Trump’s approval ratings along with the district level polling and Biden’s 10-point polling average lead provide us with a kind of consilience of data all pointing towards a Democratic victory on November 3rd.
So goes Iowa, so goes the nation?
Siena/NYT (A+) has released a poll this morning that has Biden up by three points in Iowa. Why is Iowa important? It only has 6 electoral votes. Mostly because it is a bellwether for a bad night for the GOP if it goes Dem. Also because Trump needs every single electoral vote he can get. Where is he going to replace six votes? New Hampshire and Maine? Not likely. Nevada? Also not likely.

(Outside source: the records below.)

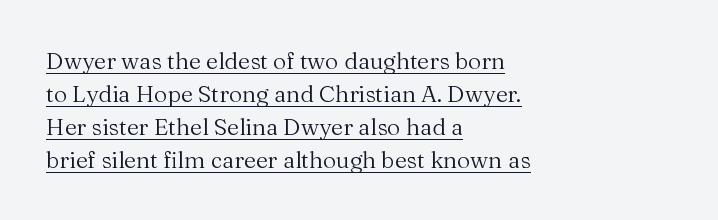
Every character sits straight up, as roman type does. Notice how descenders clear the ascenders below comfortably — that's standard leading. Inter-character spacing is left at the font's built-in metrics. Stems and bowls with no extra thickness — not bold.
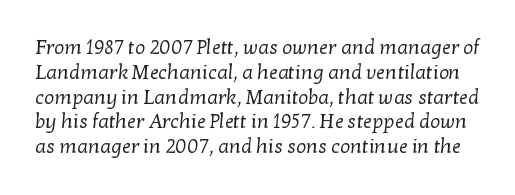
{"bold": "no", "underline": "no", "line_spacing_ratio": 1.24, "letter_spacing": "normal", "letter_spacing_em": 0.0, "glyph_px": 20}
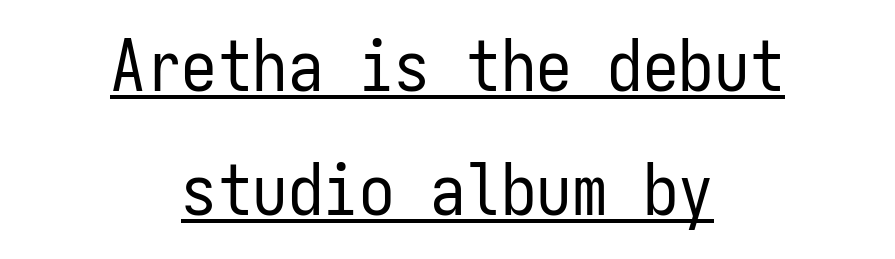
{"serif": "no", "italic": "no", "bold": "no", "weight": "regular", "width": "condensed", "stroke_contrast": "low", "x_height": "medium", "monospaced": "yes", "underline": "yes", "align": "center", "line_spacing_ratio": 1.75, "letter_spacing": "normal", "letter_spacing_em": 0.0, "glyph_px": 71}
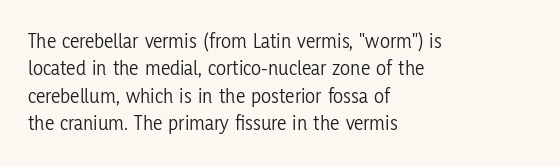
Reading down the block, your eye returns to a fixed left position each line. The weight tops out at a normal text grade. Interline gaps are of average width in this sample. The letters sit at their default tracking, neither squeezed nor spread.

Chances are that if Iowa goes for Biden, there is no way that Trump can win the election. However, the evening could be over before then if Florida (and its 29 electoral votes) goes for Biden. Trump has no plausible route to victory without Florida. Consider this map (made by the interactive tool at Electoral Vote Map):
Biden can lose Pennsylvania (20 EVs), Florida (29 EVs), and Maine-02 (1 EV) and still win exactly the 270 electoral votes needed to win. If Trump loses Iowa, where can he pick up the lost votes? I don’t see a realistic opportunity for him to do so. In any case, the current polling suggests Biden is winning ME-02 and Pennsylvania. Florida, unsurprisingly, is a Toss-Up.

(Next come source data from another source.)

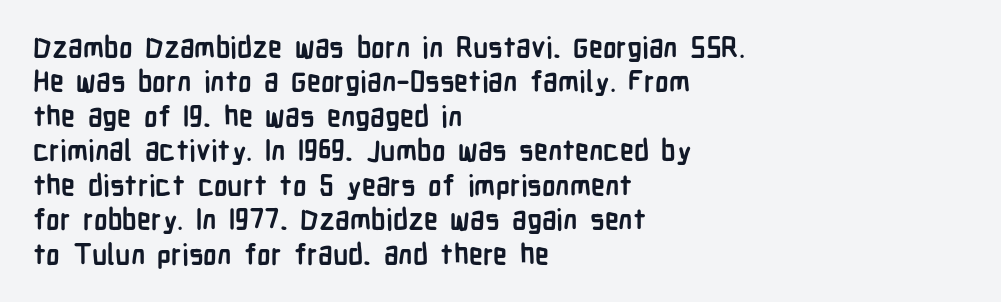
The image shows 28 px semibold, condensed sans-serif type, upright; set left-aligned, line spacing 1.23x, normal letter spacing, not underlined; low stroke contrast and a medium x-height.
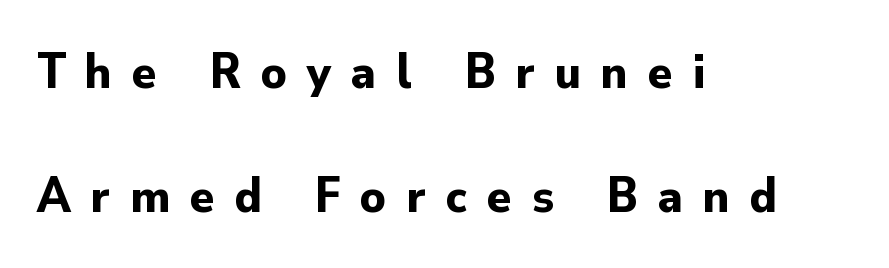
{"serif": "no", "italic": "no", "bold": "yes", "weight": "bold", "width": "normal", "stroke_contrast": "low", "x_height": "small", "monospaced": "no", "underline": "no", "align": "left", "line_spacing": "loose", "line_spacing_ratio": 2.49, "letter_spacing": "wide", "letter_spacing_em": 0.4, "glyph_px": 50}
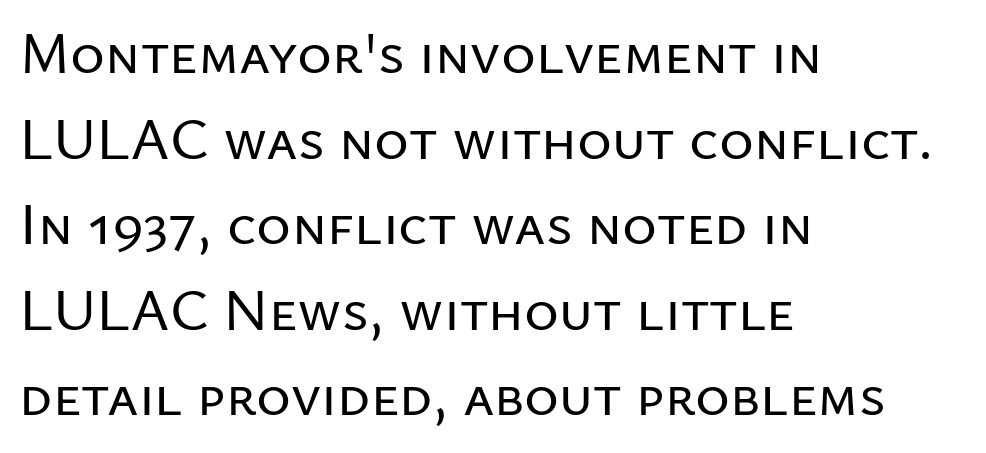
{"serif": "no", "italic": "no", "width": "normal", "stroke_contrast": "low", "x_height": "medium", "monospaced": "no", "underline": "no", "align": "left", "line_spacing": "normal", "line_spacing_ratio": 1.45, "letter_spacing": "normal", "letter_spacing_em": 0.0, "glyph_px": 59}

This is what the election will look like if all the Toss-Up states go to Trump, but Biden wins the states he’s ahead in the polling right now:
As you can see, the tipping state is Pennsylvania. Assuming no significant changes in favor of Trump between now and November 3rd, if Pennsylvania is called for Biden the election is over. Even if ME-02 goes for Trump (and current polling indicates that is unlikely - but not implausible), Biden still wins 291 electoral votes. It does not seem plausible at this point that Biden would win Pennsylvania and lose Michigan or Wisconsin. Pennsylvania appears to be the one state of the three that Trump might have a shot at, and for that reason don’t be surprised by a lot of election chicanery from Republicans in the Keystone State on Election Day.